# Seriously smitten with new puppy



## rubster (Jul 26, 2011)

So we finally did it and got a puppy. Oh my GOD I am in love with her already! She is sooo cute. She is a mischievous, gorgeous, cuddly, warm little cockapoo..... see profile pic! 

I could never really get why people were so into their dogs, until now.......
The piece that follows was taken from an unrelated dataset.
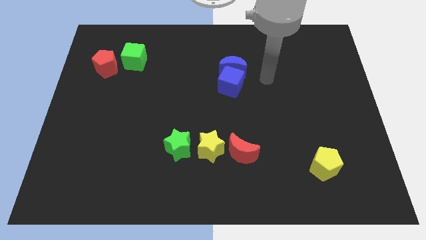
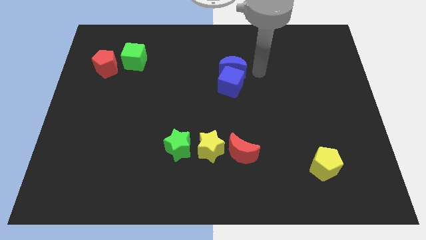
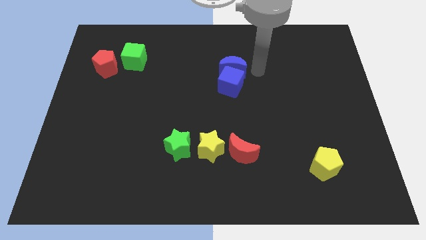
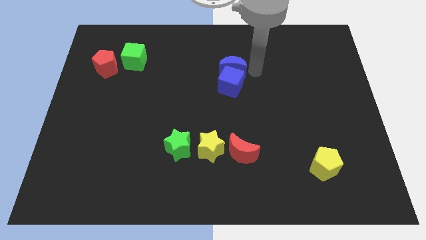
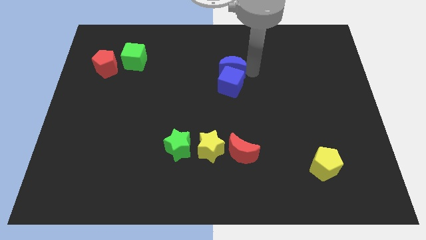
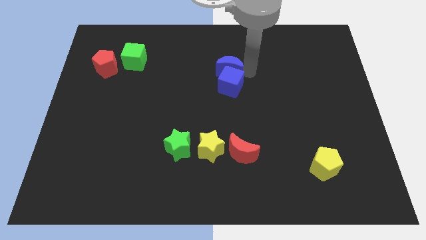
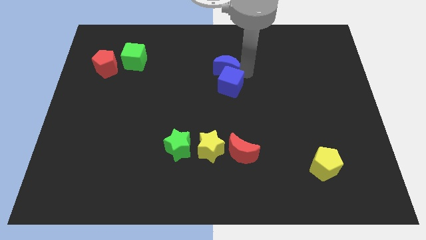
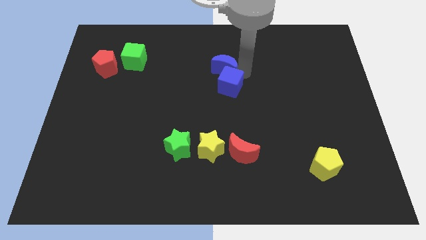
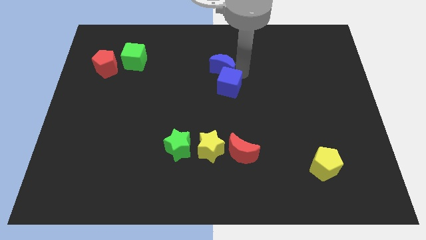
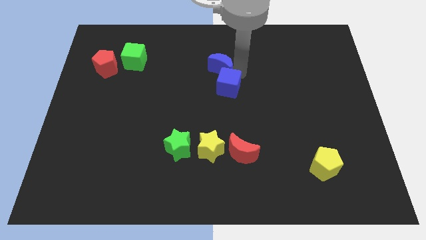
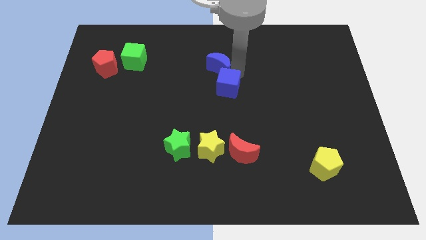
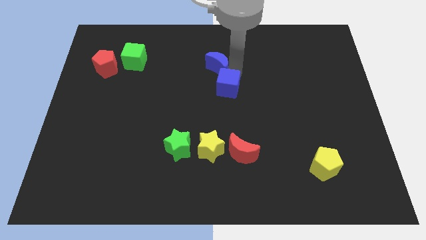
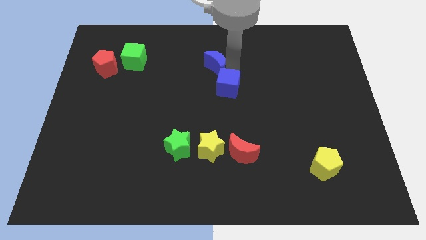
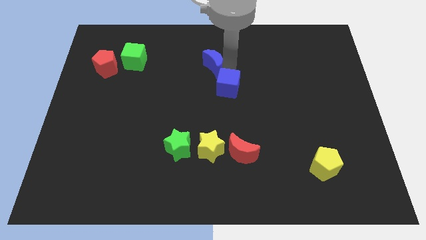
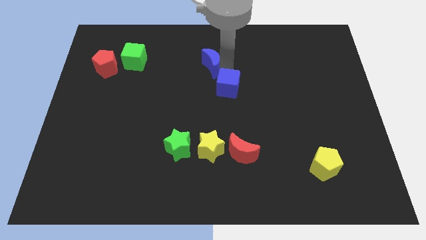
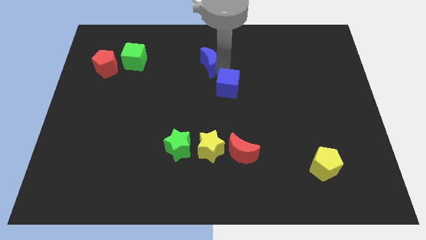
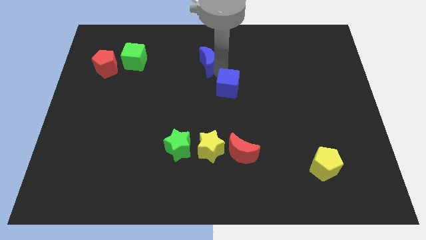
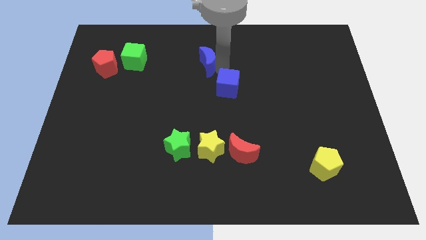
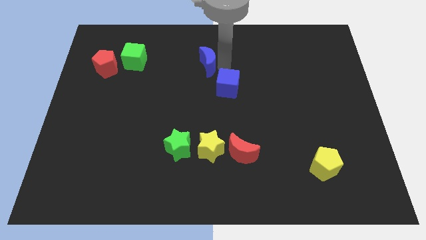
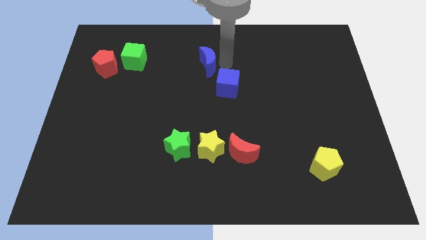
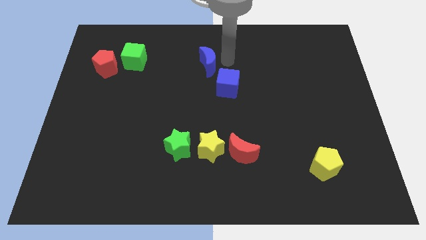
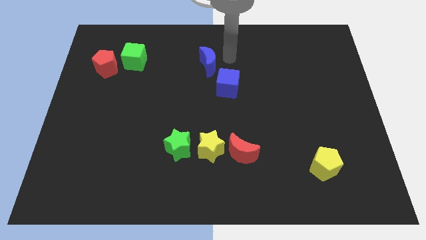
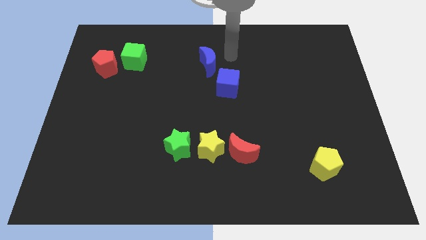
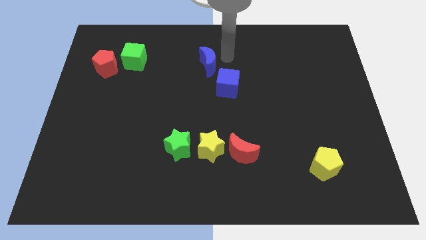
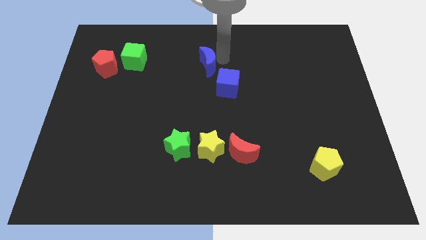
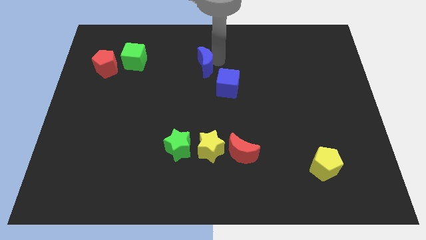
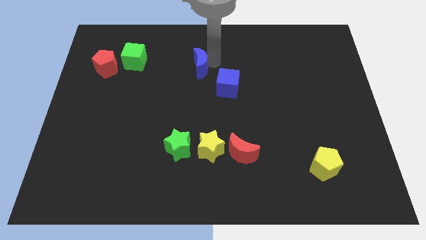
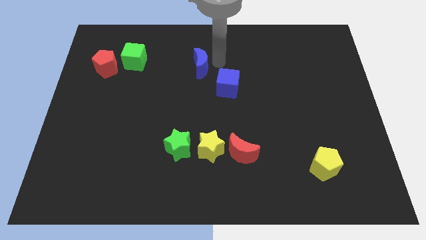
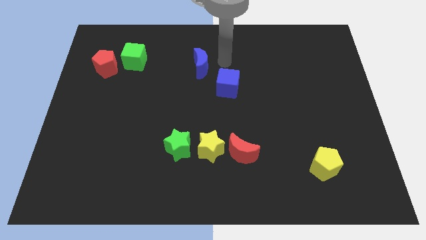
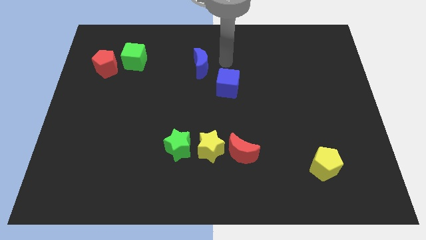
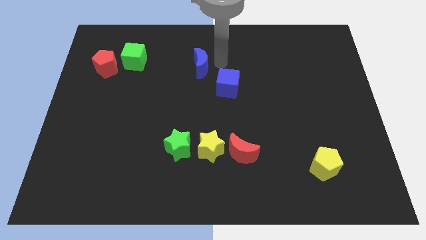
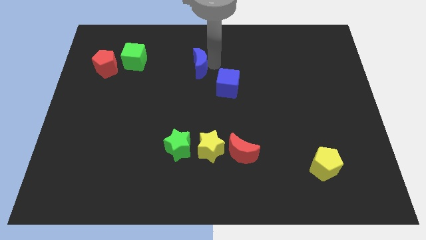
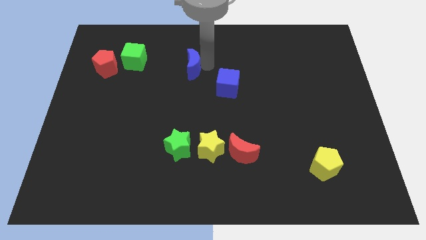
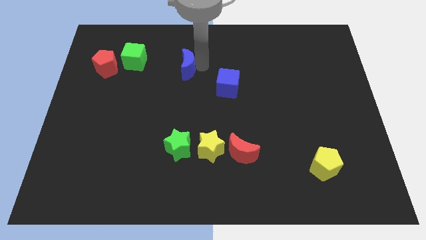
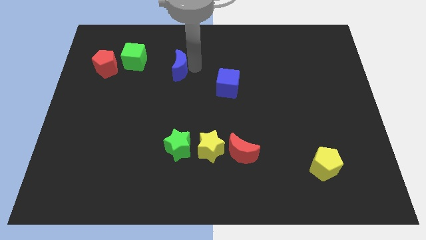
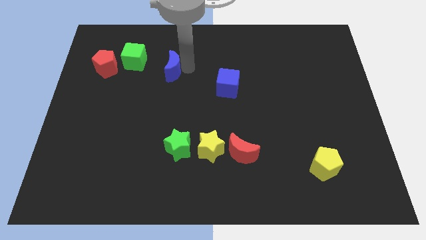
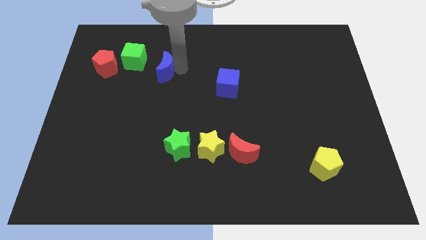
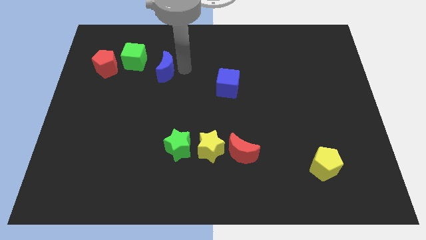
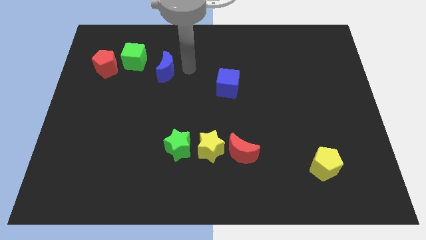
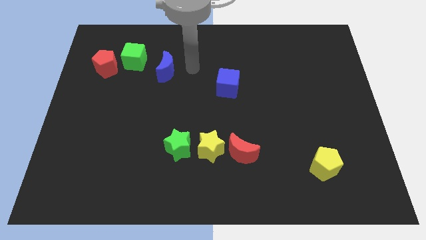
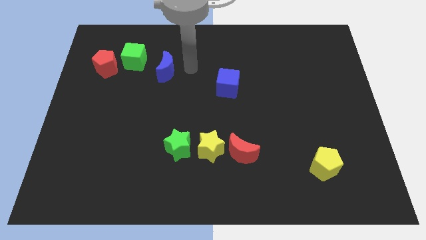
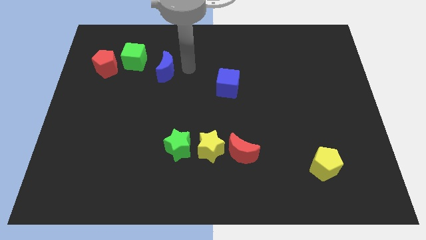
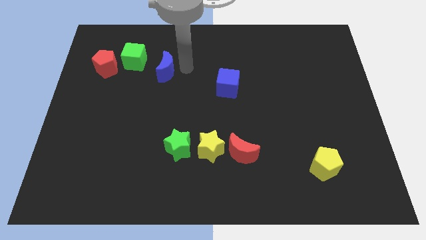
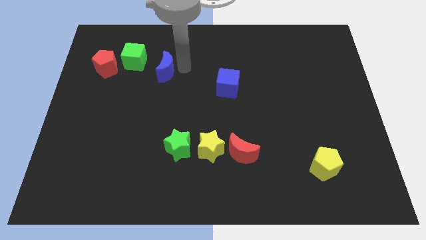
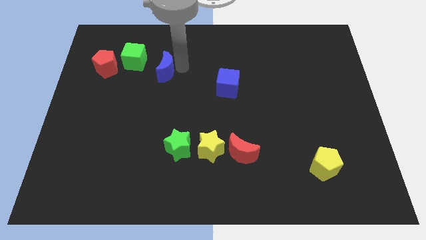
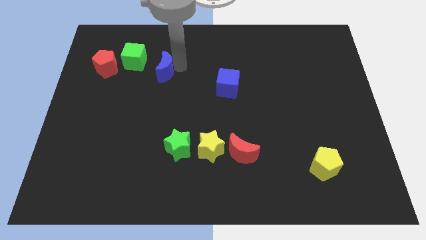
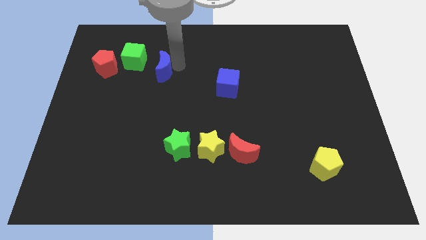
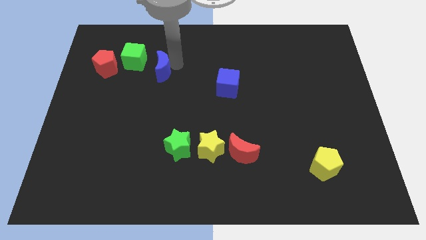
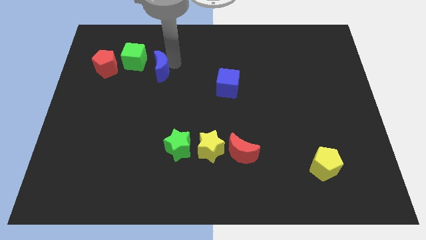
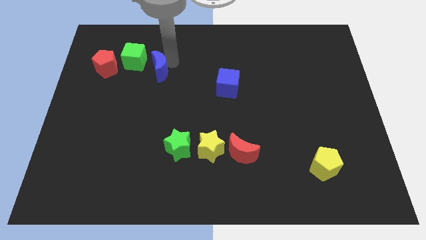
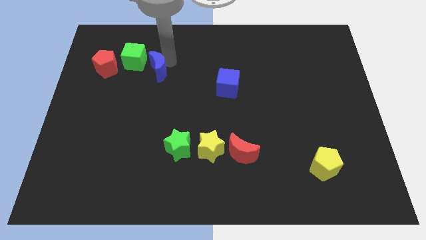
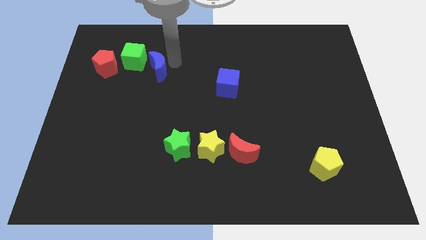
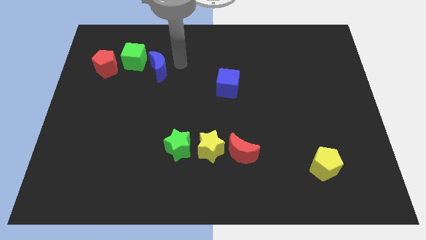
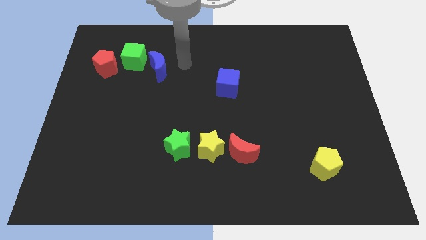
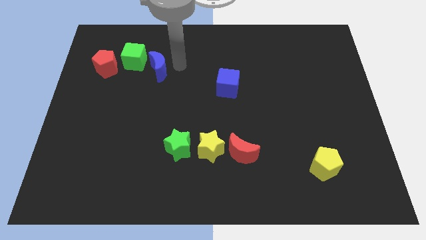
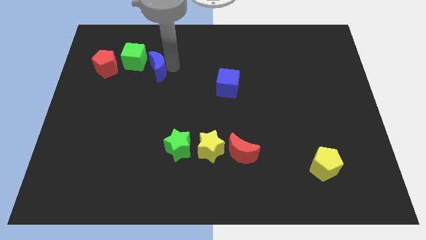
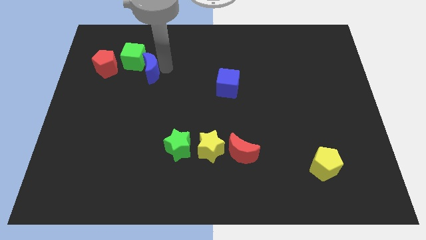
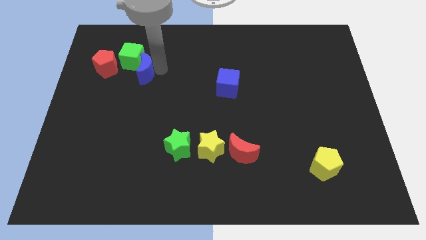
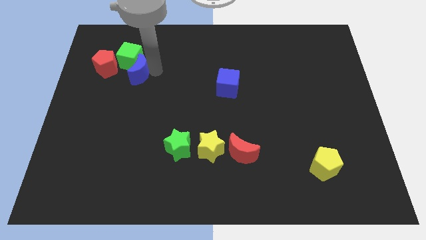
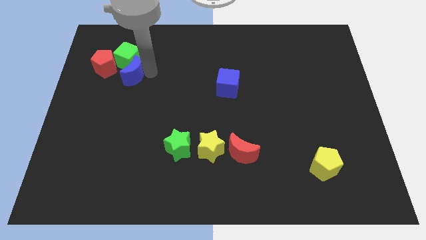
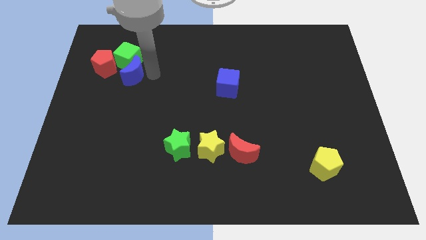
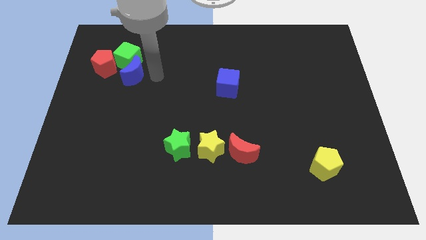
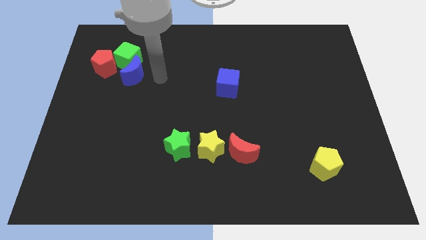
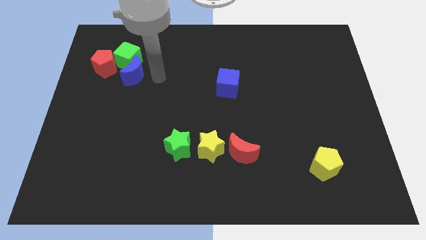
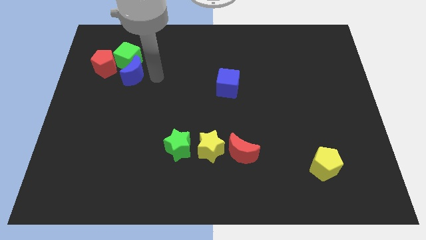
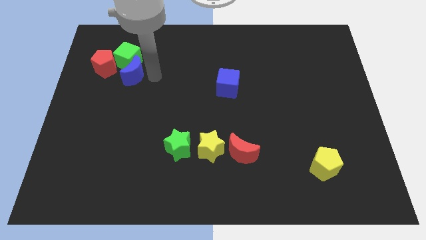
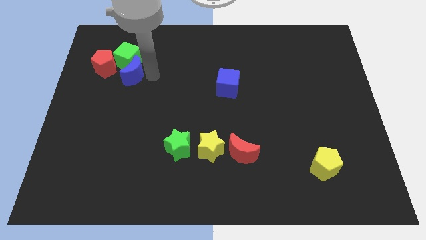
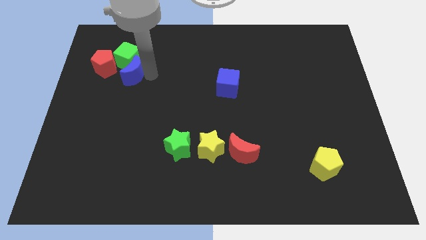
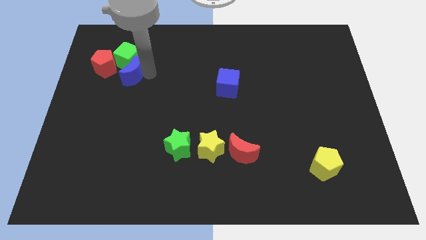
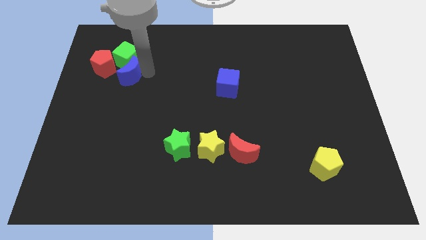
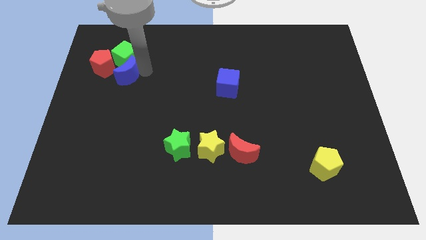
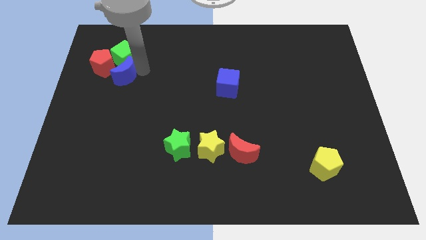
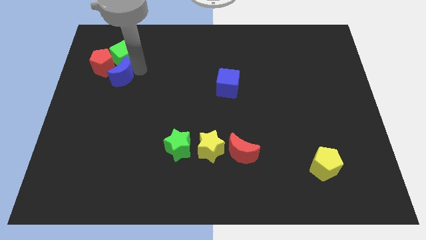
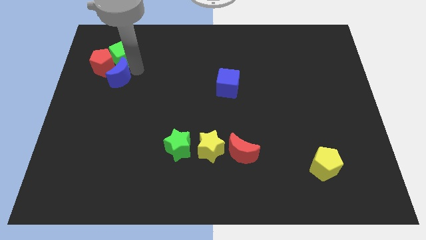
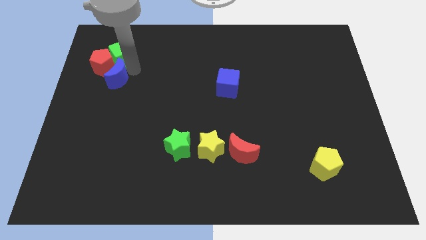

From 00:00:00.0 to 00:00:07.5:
push the blue moon to the red pentagon

I thought that when she arrived I would be sad that it wasn't a baby. But I don't. Don't get me wrong, if I could choose between them I would still choose a baby, but I have to say I am BOWLED OVER by how much joy and happiness she has brought to us all. 

SIGH!


----------



## kandykane (Nov 17, 2008)

Congrats on your new puppy!! My fur baby is 11 in a couple of weeks (can't believe it!) and he's given me so much fun and companionship over the years. Dogs are awesome. Enjoy your little bundle


----------



## Dancing duck (Sep 12, 2014)

Awwww she looks gorgeous   we are planning to get a puppy soon as it looks like the end of the road for us and I need something to love and fill the void. Glad to hear she brings you happiness - how can you not love that cute little face!


----------



## rubster (Jul 26, 2011)

I'm sorry to hear that, dancingduck, it's a very hard time.......wishing you all the best on your journey

A puppy will bring you so much joy! They are amazing and the love I felt for her straighaway was very unexpected.)
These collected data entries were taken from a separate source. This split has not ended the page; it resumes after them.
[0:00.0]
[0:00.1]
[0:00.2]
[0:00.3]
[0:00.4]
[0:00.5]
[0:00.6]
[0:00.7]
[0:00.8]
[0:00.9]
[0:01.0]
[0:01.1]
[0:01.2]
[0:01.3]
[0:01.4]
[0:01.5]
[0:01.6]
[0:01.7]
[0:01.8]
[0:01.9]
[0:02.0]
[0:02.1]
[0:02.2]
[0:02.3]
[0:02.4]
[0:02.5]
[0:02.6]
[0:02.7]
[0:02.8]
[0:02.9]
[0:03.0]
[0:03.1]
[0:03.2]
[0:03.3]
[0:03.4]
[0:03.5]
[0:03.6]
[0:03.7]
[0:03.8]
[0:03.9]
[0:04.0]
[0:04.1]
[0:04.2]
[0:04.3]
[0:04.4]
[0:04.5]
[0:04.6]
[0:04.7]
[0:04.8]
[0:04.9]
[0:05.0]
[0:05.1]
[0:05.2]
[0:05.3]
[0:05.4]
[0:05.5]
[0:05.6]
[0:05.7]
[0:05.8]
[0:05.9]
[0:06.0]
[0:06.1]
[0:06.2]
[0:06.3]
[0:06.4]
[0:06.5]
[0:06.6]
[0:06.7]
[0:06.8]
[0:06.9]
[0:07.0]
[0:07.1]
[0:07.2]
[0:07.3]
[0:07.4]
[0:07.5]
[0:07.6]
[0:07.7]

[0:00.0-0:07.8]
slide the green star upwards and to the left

Even when she poos right in front of me in the kitchen ha ha ha ha!!!!!!!!


----------



## Dancing duck (Sep 12, 2014)

Thanks Rubster I guess all of us here are going through our own difficulties one way or another!
Can't wait to get a pup now and have something positive to look forward to - give your pup a cuddle from me!


----------



## Redgirl (May 16, 2007)

We have added to new kittens to our family and I can say that they are bringing us nothing but laughs and joy and of course stinky litter trays!
x


----------



## HighTower (Jan 11, 2012)

Aww she looks so cute - like butter wouldn't melt  

I've never seen a cockapoo in the flesh...I'm a big cocker spaniel fan but my husband doesn't like the cloud of hair that follows my Mum's cocker. Maybe a cockapoo is the answer? Alas we're both out working during the week so getting a dog is as remote a possibility as a baby!


----------